At school we have reached universal primary enrolment. We have enrolment rates of nearly 90 percent in our secondary schools. We have achieved gender parity. In fact, girls now constitute a majority in our secondary schools, although there are more boys in primary school than girls.

More girls in school mean that there is a knock on effect at university level. There are more women at university than men not in all fields, but over all.
We are not alone in this development. The growing number of women in higher education seems to be a contemporary phenomenon in both developing and developed countries.

In 83 of 141 countries women outnumber men. They do so not only in Organisation for Economic Co-operation and Development (OECD) countries but also in countries like Mongolia and Guyana where university education is not widespread. We appear to be following the trend more women at universities and more women graduates.

You can see the trend most vividly in the United States (US). Currently, in the US there are two million more women than men in college. Estimates are that within five years, six in ten of those entering US colleges will be female. There have been reports that some universities are managing their admissions to avoid overloading their student bodies with women.

Not only are there more women in higher education than men, but women also outperform women in higher education. Women have long outperformed men in OECD countries. Now the same pattern is emerging in developing countries and particularly in middle income developing countries like ours.

However, there is a major problem. A great number of our young students do not graduate. Nearly six in ten of first year students who entered university in 2000 had dropped out of the system in four years. Female students constitute more than half of this group. Even more distressing African female students constitute seven in ten of this female student group.

What are the reasons for this failure? Money and lack of academic support are the two most obvious candidates. Despite excellent government funding, more needs to be done and more funding has to be made available.

Other factors may include students’ inappropriate career choices or simply their inability to cope or retain their focus upon their academic studies within the context of a relatively free environment with minimal supervision.

Strategies have to be devised to ensure that we not only improve our intake of African and women students, but that we also improve their chances of successfully progressing through the system.

More women at university and more women graduates mean more women in the work force. There is still a gap. There are still more men in paid employment. But the gap is closing. In 2005, out of 200 countries, 122 saw female workforce participation rise, often quite sharply.
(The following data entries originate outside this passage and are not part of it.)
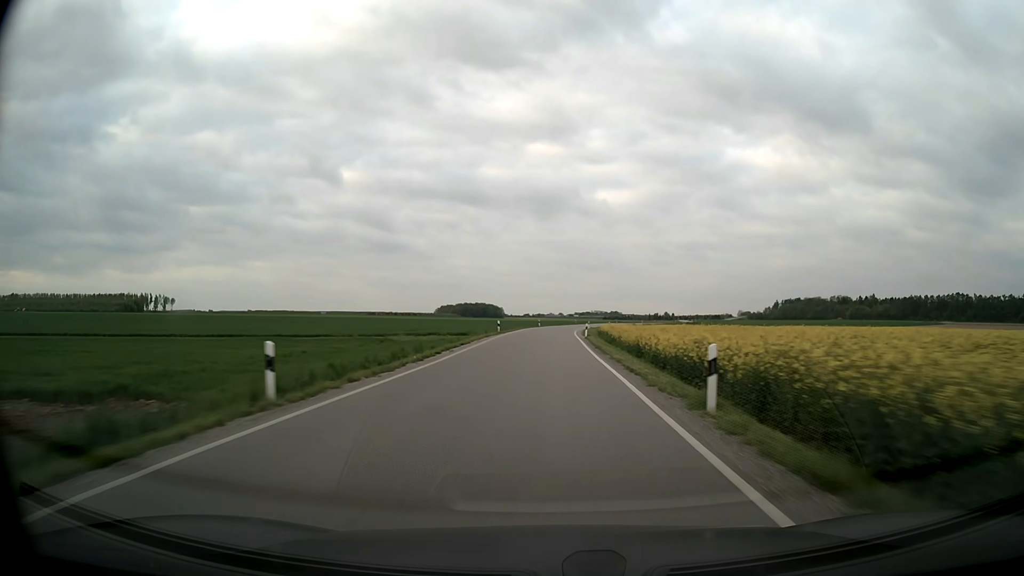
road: secondary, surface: asphalt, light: Day
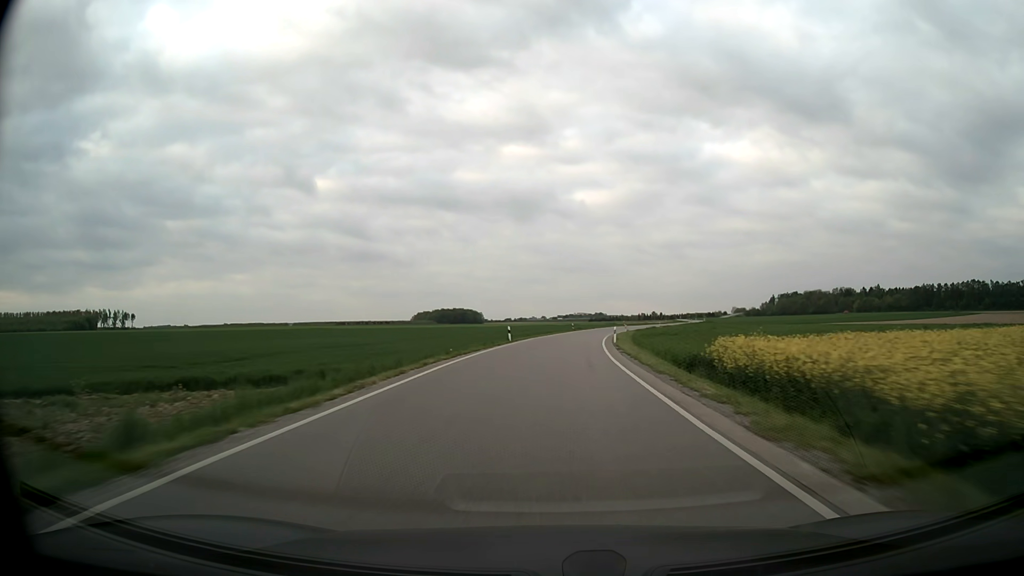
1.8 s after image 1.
(+0.2, +49.6) m; +1°
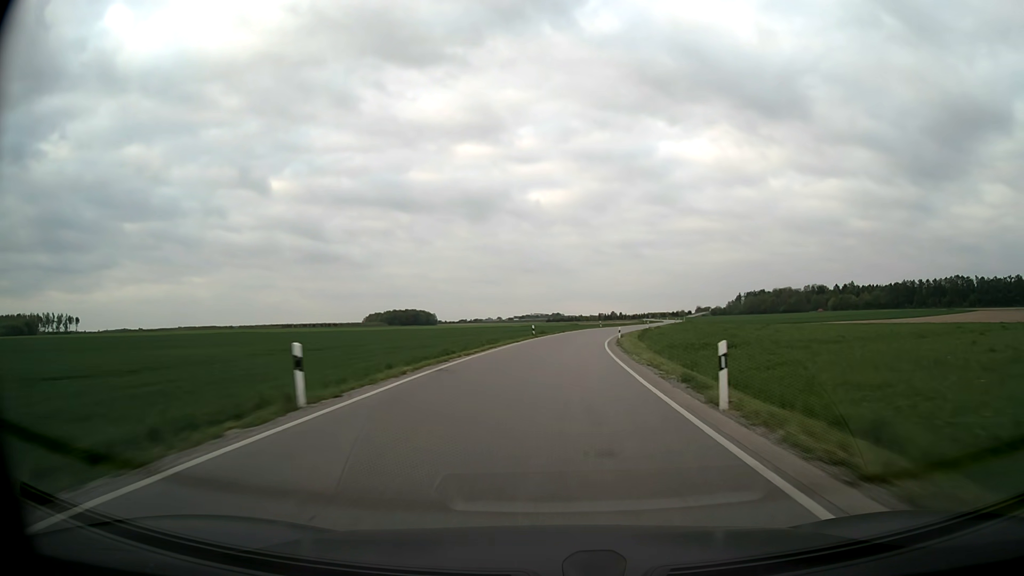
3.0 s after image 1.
(+1.0, +33.2) m; +4°
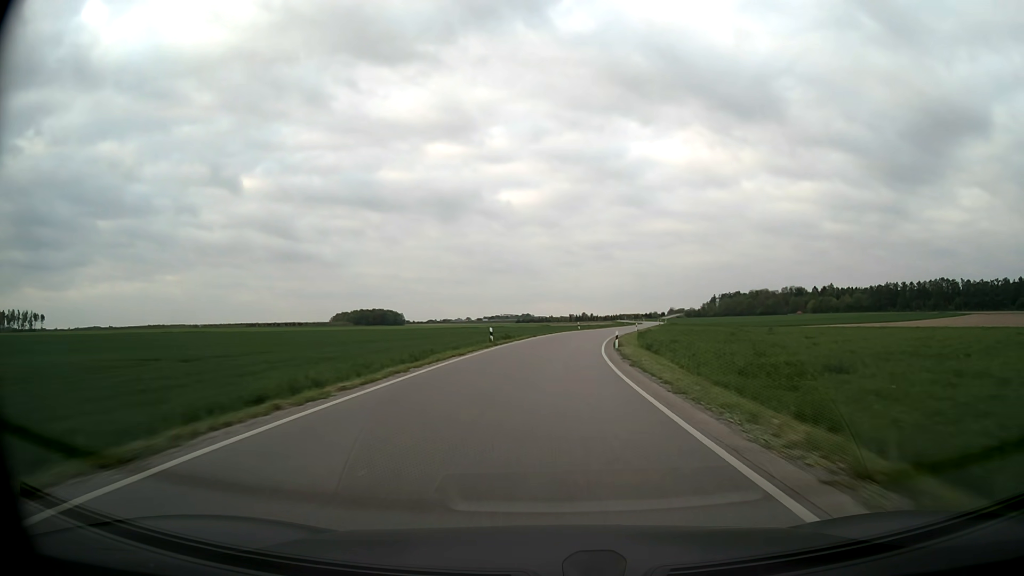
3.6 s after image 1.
(+0.3, +16.8) m; +2°
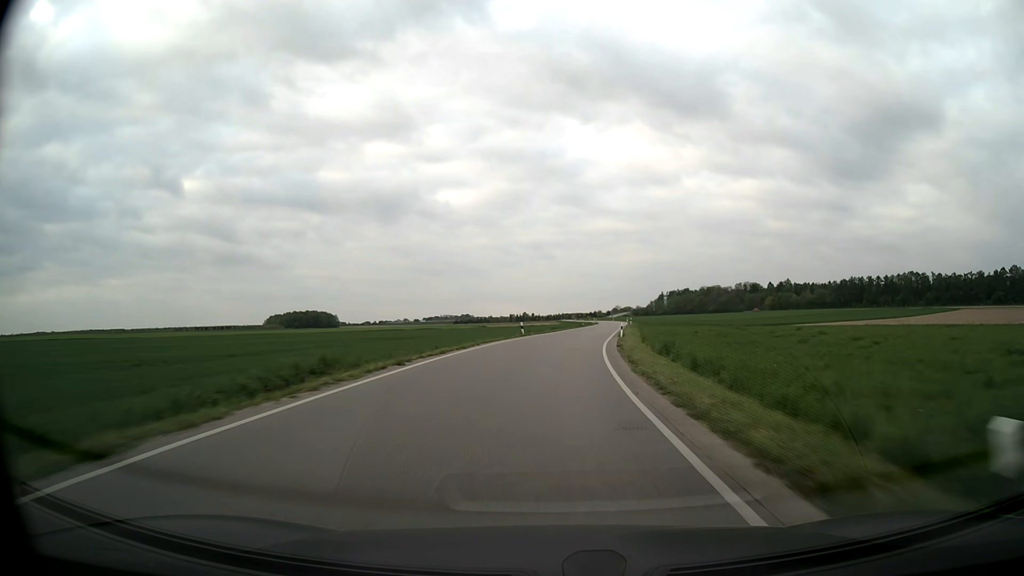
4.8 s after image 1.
(+1.5, +34.0) m; +5°
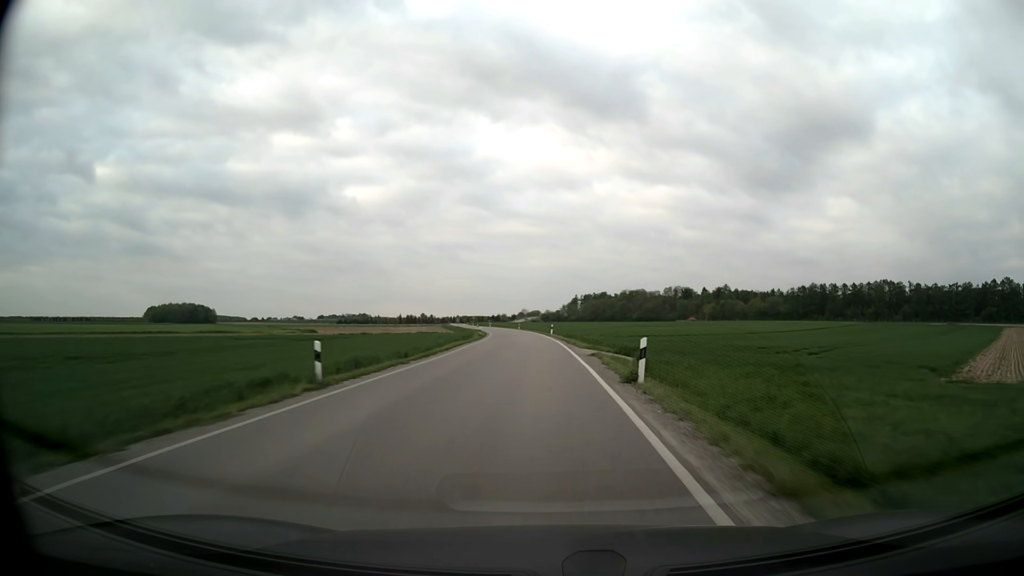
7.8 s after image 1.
(+8.4, +84.7) m; +8°
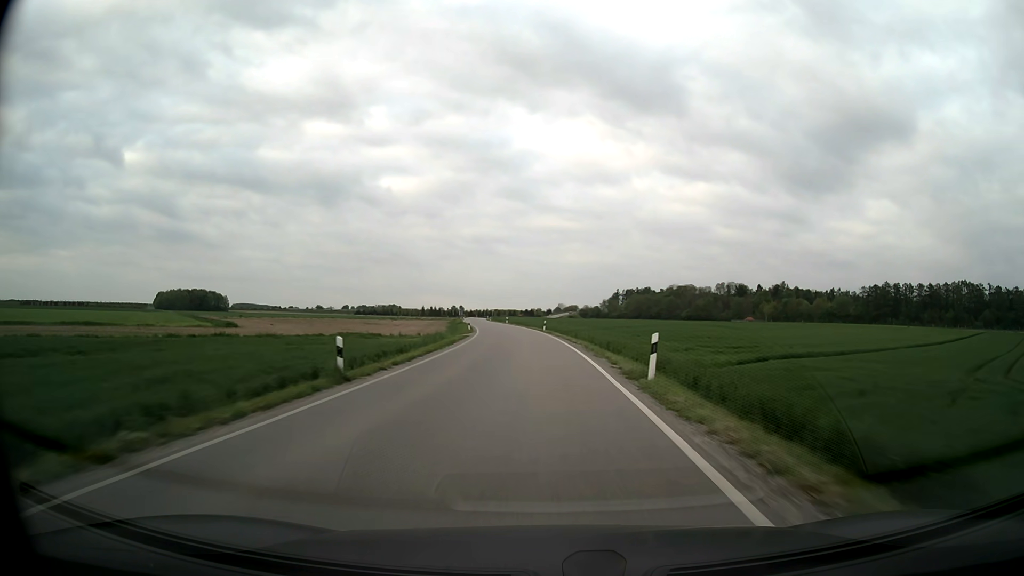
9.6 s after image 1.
(-0.9, +50.1) m; -3°
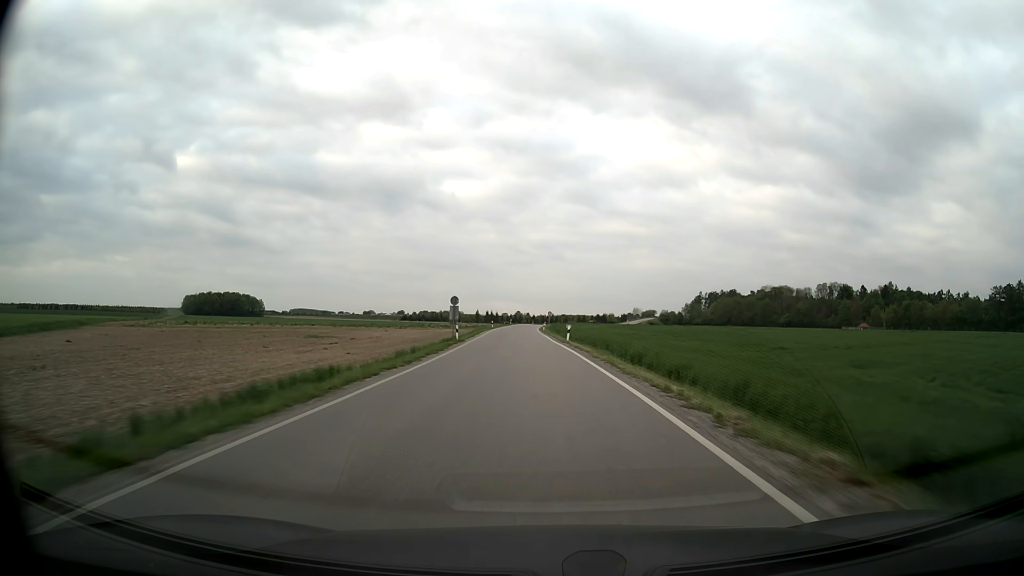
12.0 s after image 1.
(-3.4, +65.4) m; -6°
(0, +10) (0, +20) (-1, +30) (-1, +40) (-2, +50) (-2, +60) (-2, +70) (-3, +80) (-3, +90) (-3, +100) m

Surprisingly, some of the sharpest increases came in the Middle East and North Africa, including Iran, Libya, Syria, Jordan and Tunisia.
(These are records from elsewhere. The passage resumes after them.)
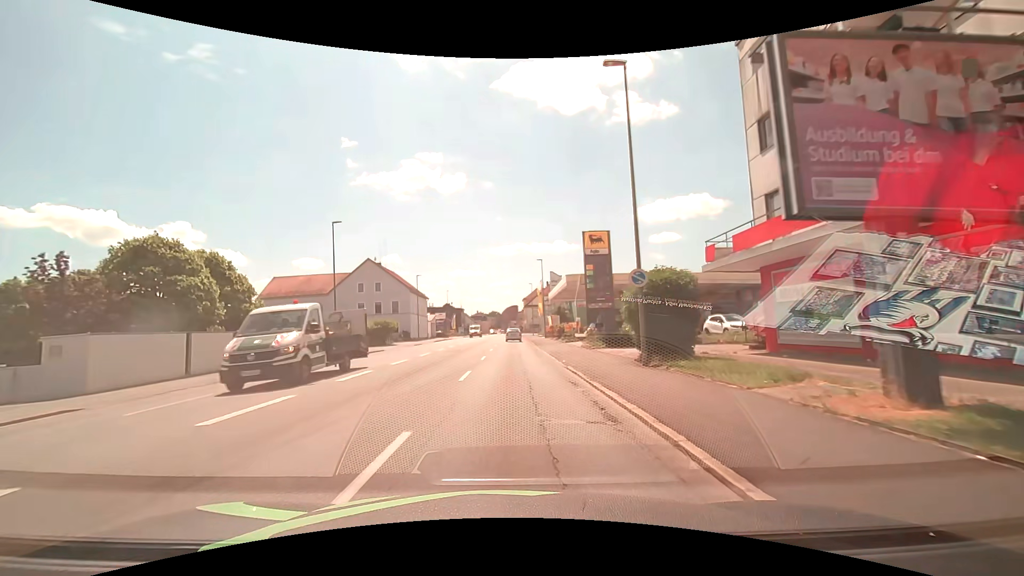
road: tertiary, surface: asphalt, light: Day
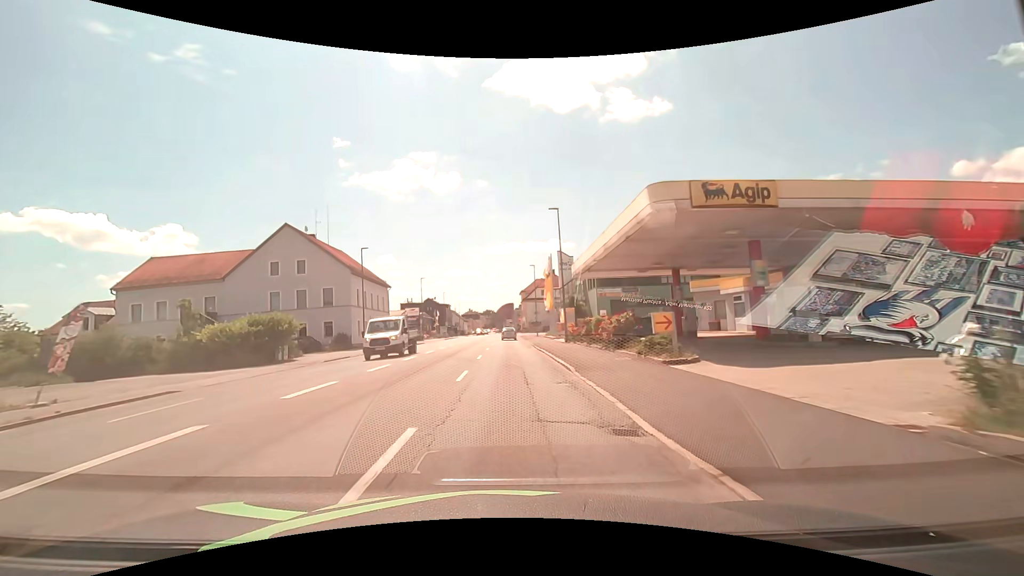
(+0.2, +27.3) m; +1°
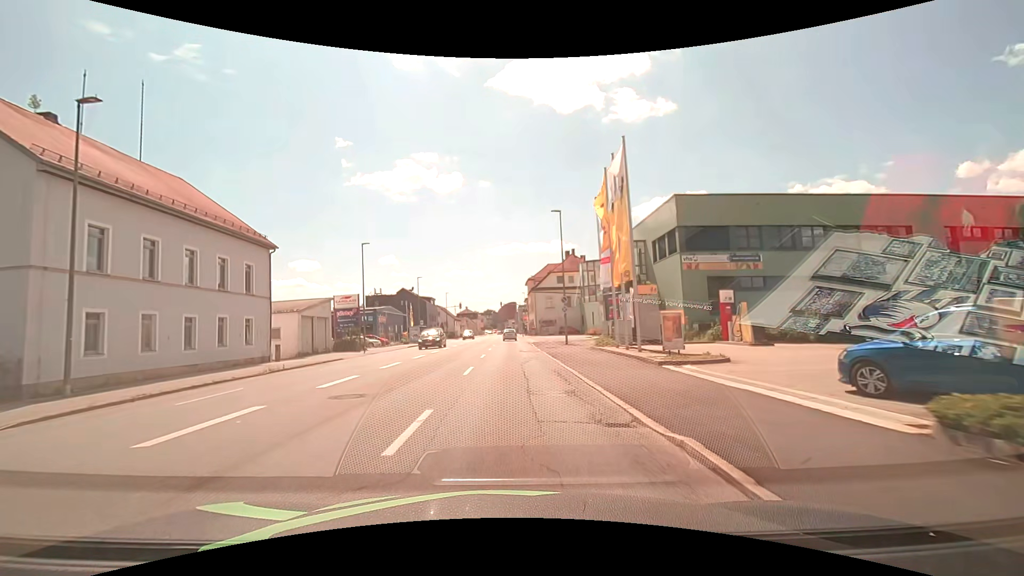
(-0.1, +34.3) m; 0°
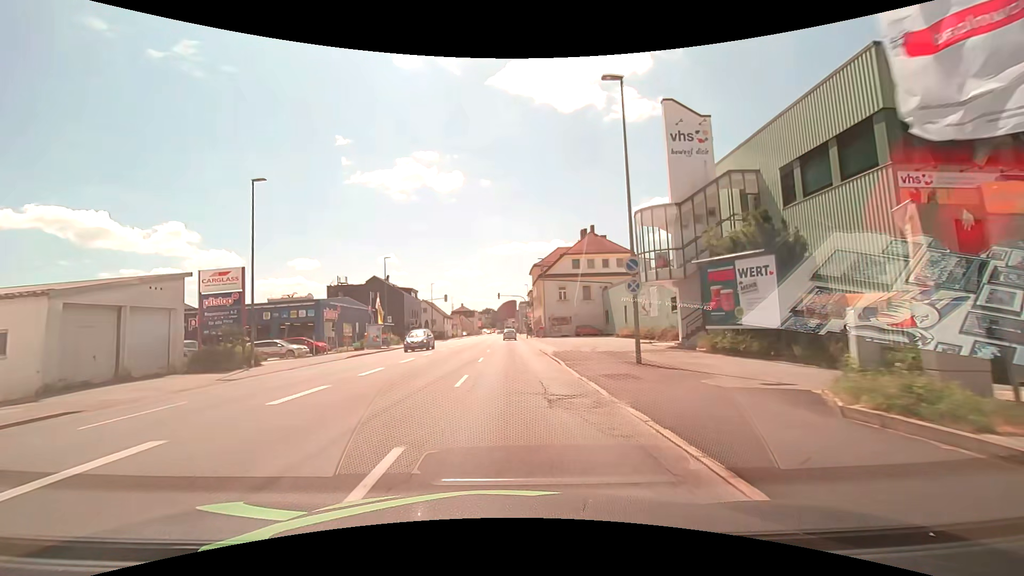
(-0.1, +20.9) m; 0°
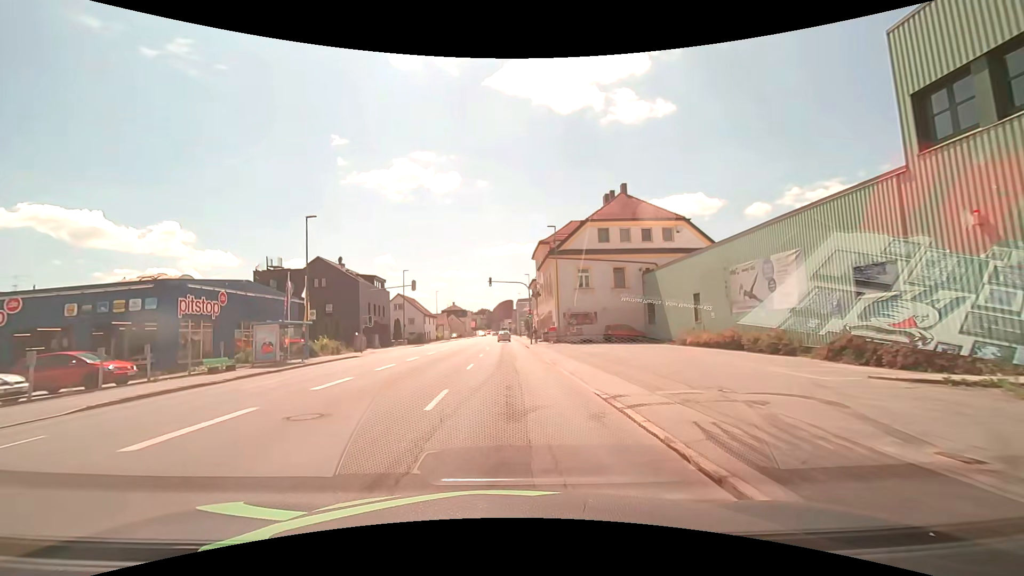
(+0.1, +21.3) m; 0°
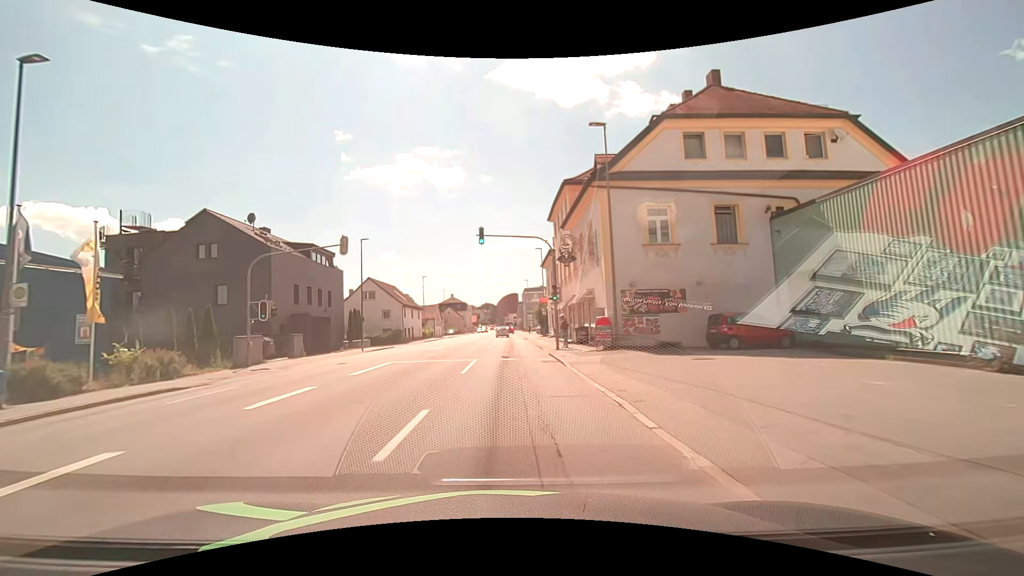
(+0.1, +21.4) m; 0°
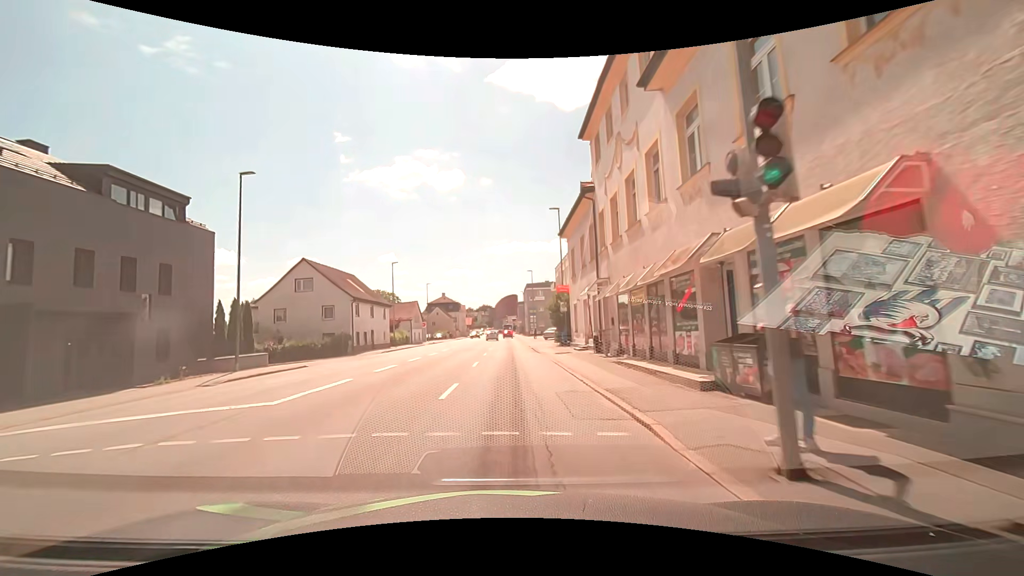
(-0.1, +21.1) m; 0°
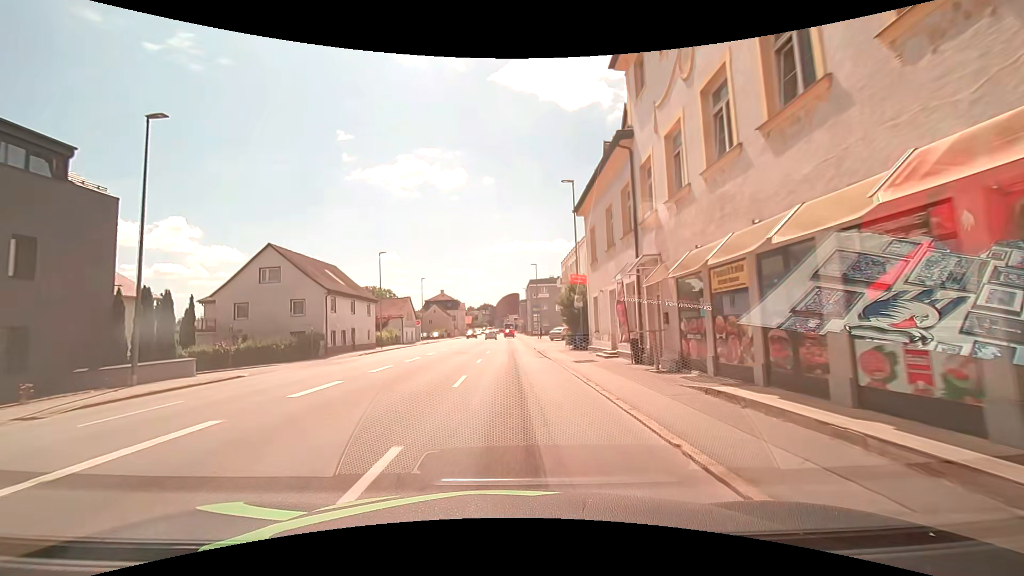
(0.0, +7.0) m; 0°
(0, +10) (0, +20) (0, +30) (0, +40) (0, +50) (0, +60) (0, +70) (0, +80) (0, +90) (0, +100) m

These are really positive trends. Gender parity at school and university will in time lead to greater changes in family and society. Better educated women help countries move into higher tech businesses. Better educated women often encourage smaller family sizes. Better educated women are better for men as well even though they may not accept it or welcome it. When women earn more than their husbands, family roles change as well. I know, you know.

Women engineers

We are short of engineers in South Africa today. Not enough engineers graduate each year. I have taken this matter up with deans and university vice chancellors.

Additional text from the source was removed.